I know that Wii U's CPU is PowerPC 750CL so it is an old CPU yet I would not underestimate it that easily, it has 4 stage pipeline and that is really short and should have little to no "bubbles" compared to atrocious Xbox 360/PlayStation 3 CPU with their 32 to 40 stage pipeline that are also in order versus out of order that Gamecube/Wii/Wii U CPU is even thought it is kinda limited as I read in some forums.

Is there difference between Xbox 360/PlayStation 3 L2 Cache versus Wii U's L2 Cache that is eDRAM also its configuration that is Core 0 512KB Core 1 2MB Core 2  512KB compared to Unified L2 Cache that is 1MB in Xbox 360 and  768KB in PlayStation 3.

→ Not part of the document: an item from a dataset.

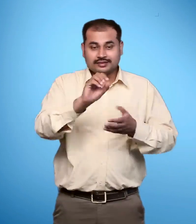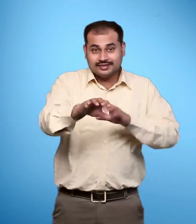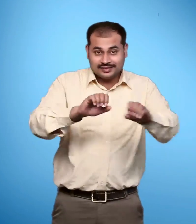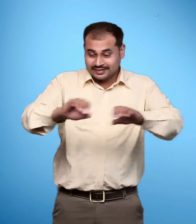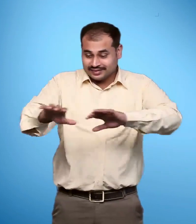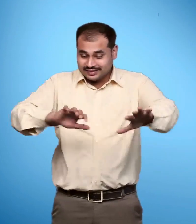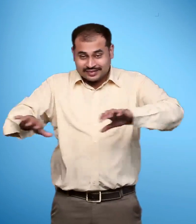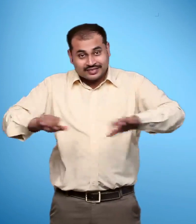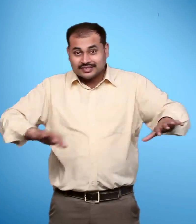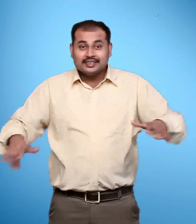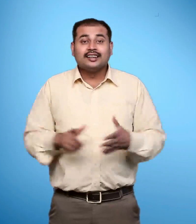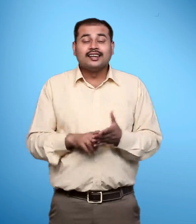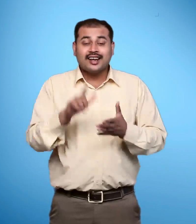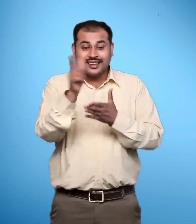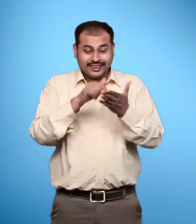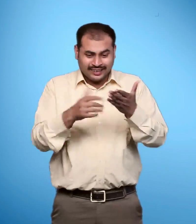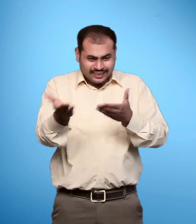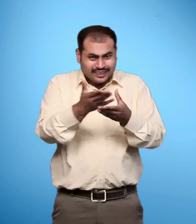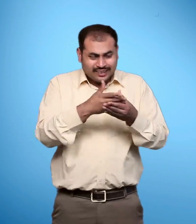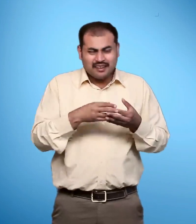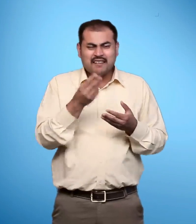और पत्र जल्दी बांटे जा सकते हैं

I asked Marcan42 on Twitter if Wii U's CPU can use Wii U's GPU eDRAM pool as L3 Cache and he said it is system RAM and that Espresso can use it for what ever it wants so I assume that it can use it maybe directly or only issue commands?

I read this article and it seems that WIi U's CPU can directly access and use eDRAM from Espresso, maybe I am wrong;

http://hdwarriors.com/general-impression-of-wii-u-edram-explained-by-shinen/

Wii U has DSP while Xbox 360/PlayStation 3 don't have DSP so audio is done on one of their CPU cores? Right? So only two cores are really for game while a third one acts as DSP also the OS is partially ran on one of those cores compared to Wii U that as rumored has 2 ARM cores that are used as "background" cores also there is another ARM core for backward compatibility with Wii so it could also be used.

I know that Xbox 360 had a bottleneck involving RAM, it was GDDR3 with 22.8GB/s yet the FSB or what ever is called that kind of chip could only push 10.8GB/s and PlayStation 3 also had some sort of bottleneck. While Wii U does nto have any kind of bottleneck and uses DDR3 1600mhz so it has 12.8GB/s like most computers nowadays also it has 1GB for games thus it has like almost 3 times more memory for game assets/data to store temporally. DDR3 has much lower latency than GDDR3 so it is great for the OS and games, right?